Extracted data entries
== Segment start ==

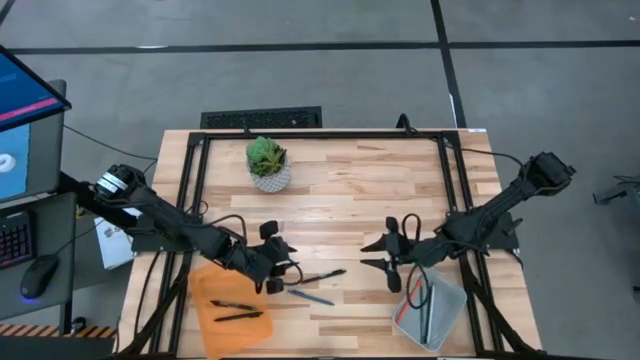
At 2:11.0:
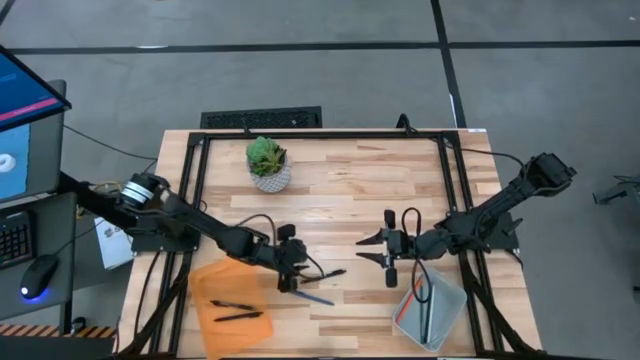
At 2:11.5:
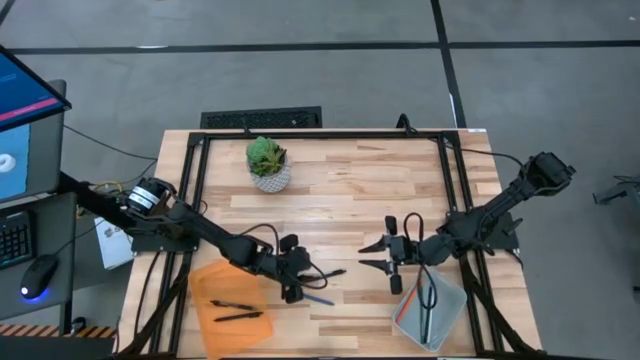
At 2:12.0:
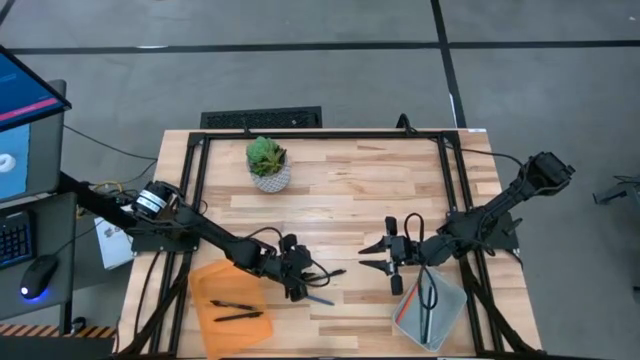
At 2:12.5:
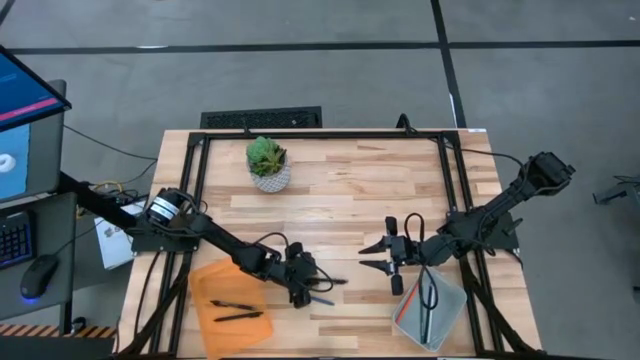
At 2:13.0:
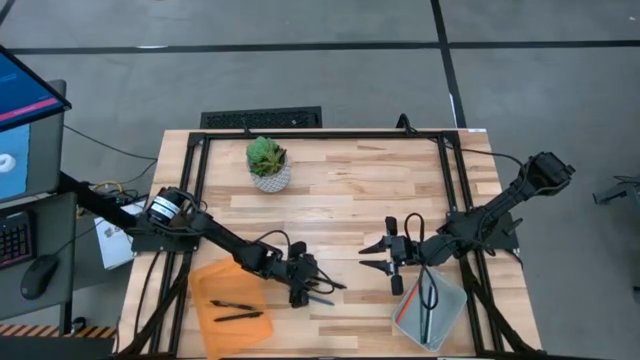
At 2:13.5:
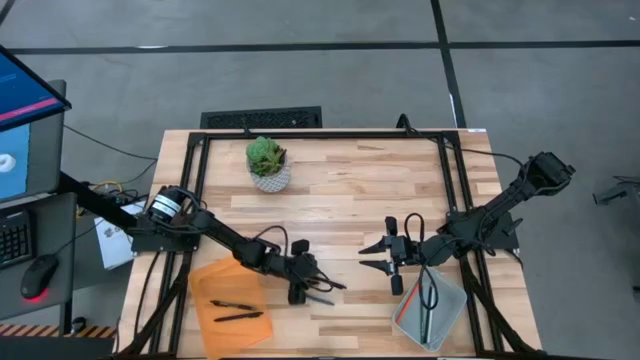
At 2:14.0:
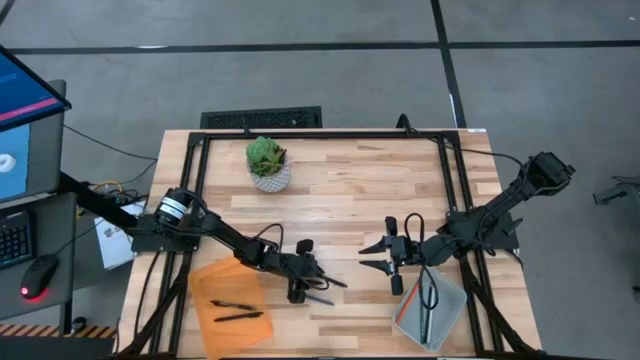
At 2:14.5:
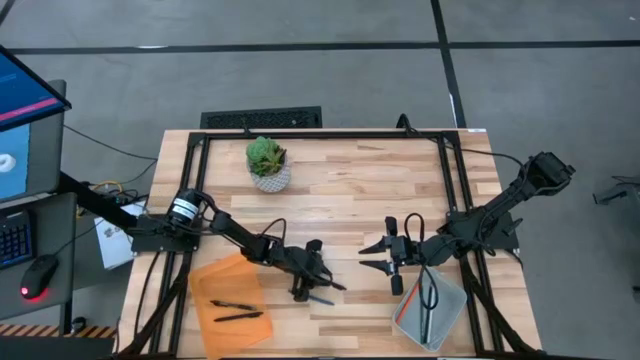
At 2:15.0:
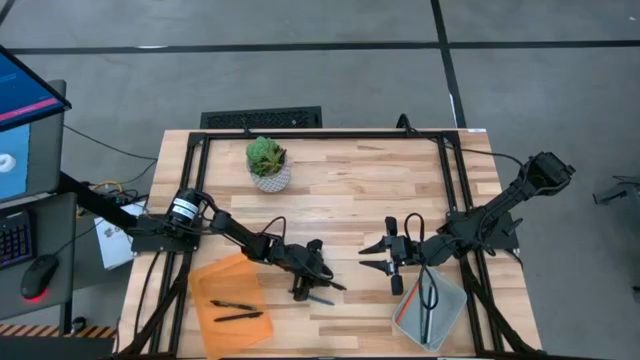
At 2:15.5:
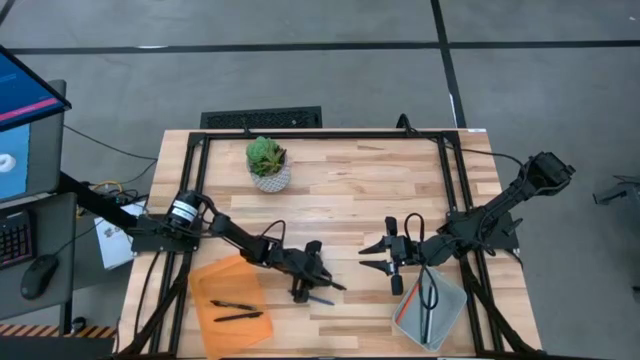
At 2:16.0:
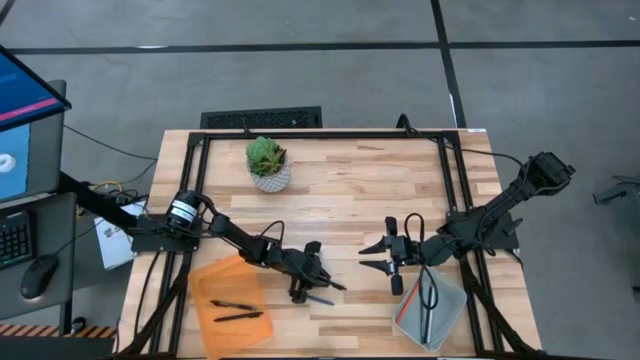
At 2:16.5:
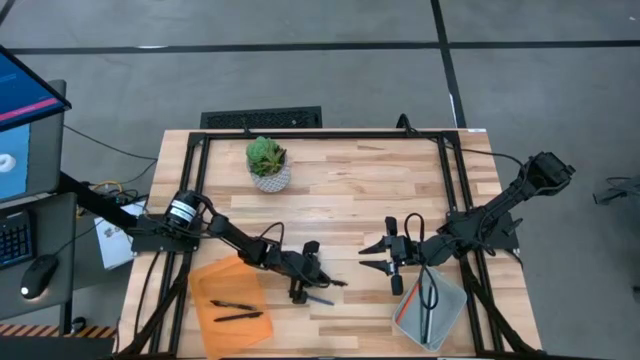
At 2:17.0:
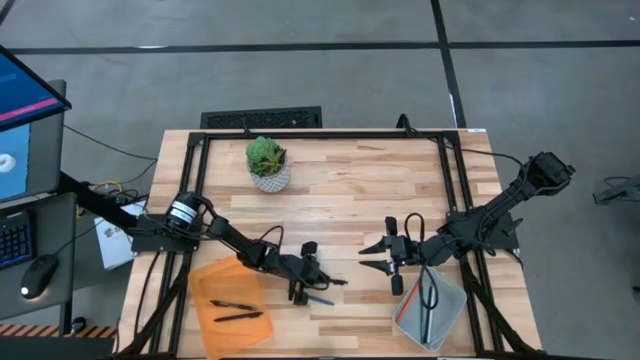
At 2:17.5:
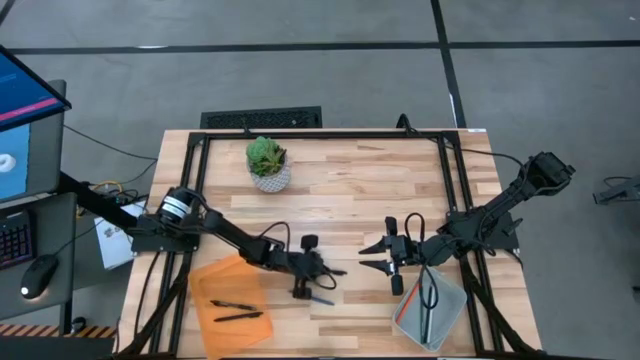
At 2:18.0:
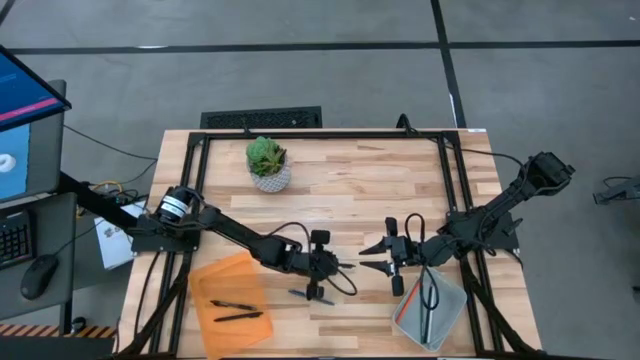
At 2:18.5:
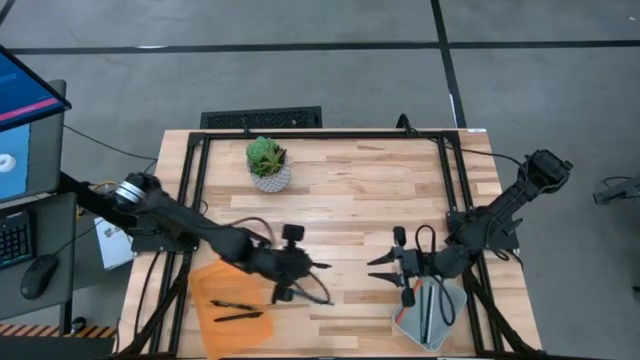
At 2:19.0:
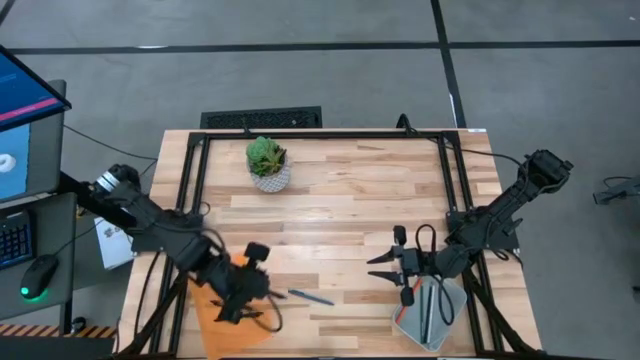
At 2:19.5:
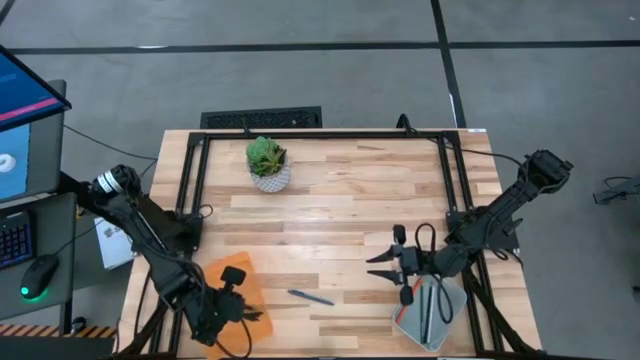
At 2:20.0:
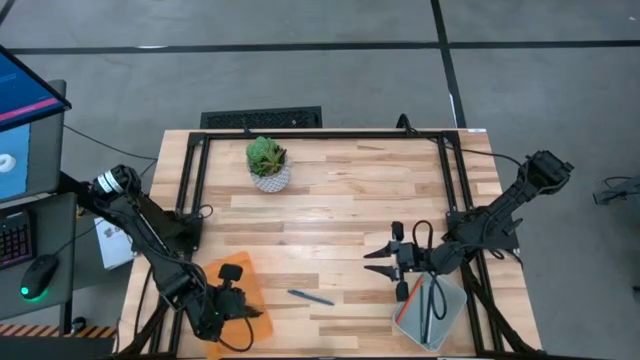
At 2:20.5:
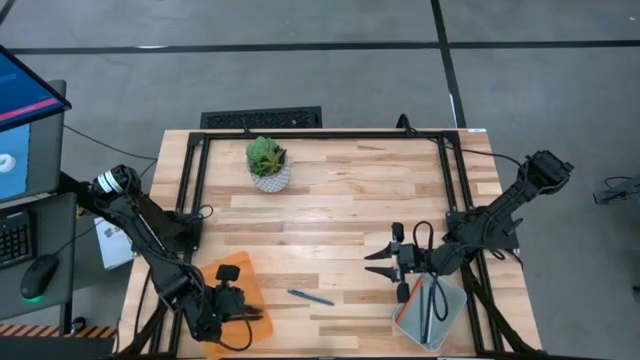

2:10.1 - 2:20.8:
Task: Sort pens & pencils
Put the black pen into the orange bin

== Segment end ==

■ EXERCISE DIRECTIONS ■
Your task is to return every entry exactly as it was written, with the pictures removed.

■ SOLVED EXERCISE ■
At 2:11.0:
At 2:11.5:
At 2:12.0:
At 2:12.5:
At 2:13.0:
At 2:13.5:
At 2:14.0:
At 2:14.5:
At 2:15.0:
At 2:15.5:
At 2:16.0:
At 2:16.5:
At 2:17.0:
At 2:17.5:
At 2:18.0:
At 2:18.5:
At 2:19.0:
At 2:19.5:
At 2:20.0:
At 2:20.5:

2:10.1 - 2:20.8:
Task: Sort pens & pencils
Put the black pen into the orange bin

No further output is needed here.